9. I like how my current version of the blog puts the byline and post time below the title, but I don't like how I rigged it up. It looks too much like part of the post and it should be part of the header. I'd like it to be distinct from the body text. It should look more like a subtitle to the post title, so play with fonts, font sizes, color shades, etc.
The look will be:
Date (Bigger, but less bold color)
Title (Smaller, but still header size, bold font, bold green color)
Byline and time stamp (smaller, much more subtle, in the vein of the date, but perhaps a different color that blends it up with the post title, but still easy to find and read)
10. I want to keep using my favicon graphic in the address bar
11. If you can figure out how I can start using categories (a la WordPress, or
SuperVegan, to be specific), I would be forever grateful. I don't so much care about keeping my category tags to del.icio.us.
12. Though, I would like to add more of those icons in the footer for permalinking, e-mailing story to a friend, commenting, saving the story to del.icio.us (and all the other services like digg), etc. The contact link would be taken out, to be replaced by the navbar link, of course.
13. The website title bar should be changed to:
<title>An Animal-Friendly Life: Vegetarian news, views, reviews, links, and podcasts</title>
14. I'd like more metadata (vegan, vegetarian, animal-friendly, animal, etc.), used in a way that is web kosher and legit, but effective in search engines picking up my entries)

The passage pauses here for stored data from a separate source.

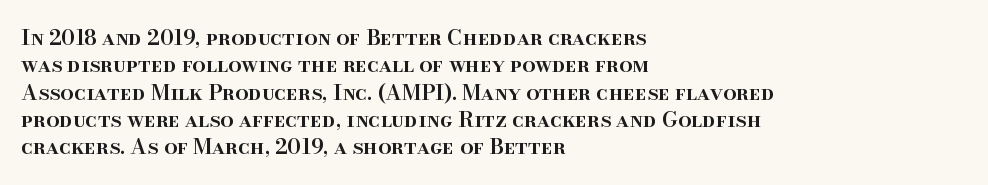
The image shows 21 px text type, upright; set left-aligned, normal line spacing (1.3x), normal letter spacing, not underlined.
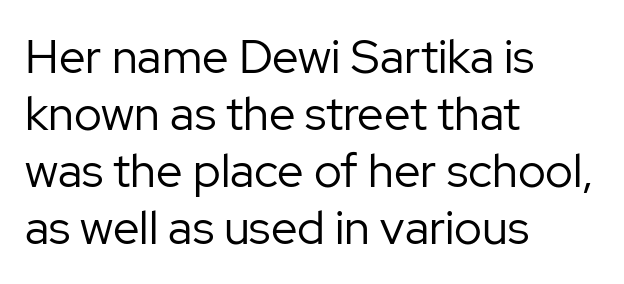
The type family on display is of the sans-serif kind. You could call the tracking neutral — neither tight nor loose. Upright lettering throughout. These lines are rendered in a variable-pitch font.
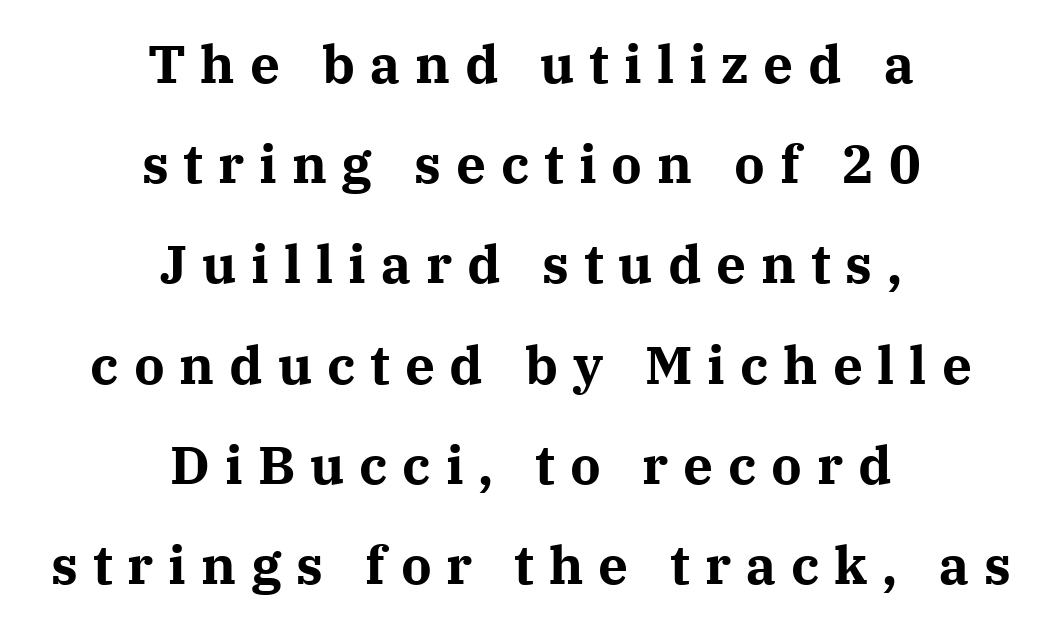
The image shows 53 px bold serif type, upright; set centered, line spacing 1.89x, unusually wide letter spacing (+0.28 em), not underlined; medium stroke contrast and a medium x-height.
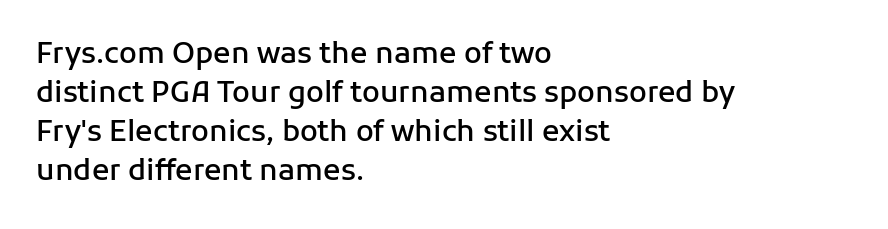
Line beginnings align vertically; line endings do not. The face used here is proportionally spaced, like ordinary book or web type. Compared with an ordinary text face, these strokes are moderately heavier — a semibold. Posture: straight, roman, zero tilt. Typographically, this falls in the sans-serif category. Any mark beneath the type? The region is blank.
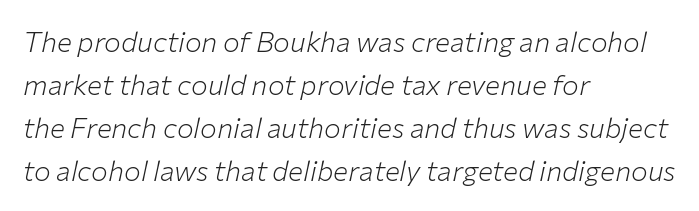
{"italic": "yes", "lean": "right", "slant_degrees": 12, "bold": "no", "weight": "light", "width": "normal", "stroke_contrast": "low", "x_height": "medium", "monospaced": "no", "underline": "no", "align": "left", "line_spacing": "normal", "line_spacing_ratio": 1.54, "letter_spacing": "normal", "letter_spacing_em": 0.0, "glyph_px": 28}

15. I'll need to keep my various footers and scripts, like the Creative Commons, Statcounter, copyright, etc.
I'm sure there's stuff I'm leaving out, so please hit me with your comments, questions, and suggestions. The current template source is attached as a text file, for your reference.
I'm willing to pay well for a site that really looks slick and professional, on par with the likes of AlterNet, but still allow me to update with new links and removing old ones, adding new "about" pages and removing them. Basic HTML work like that.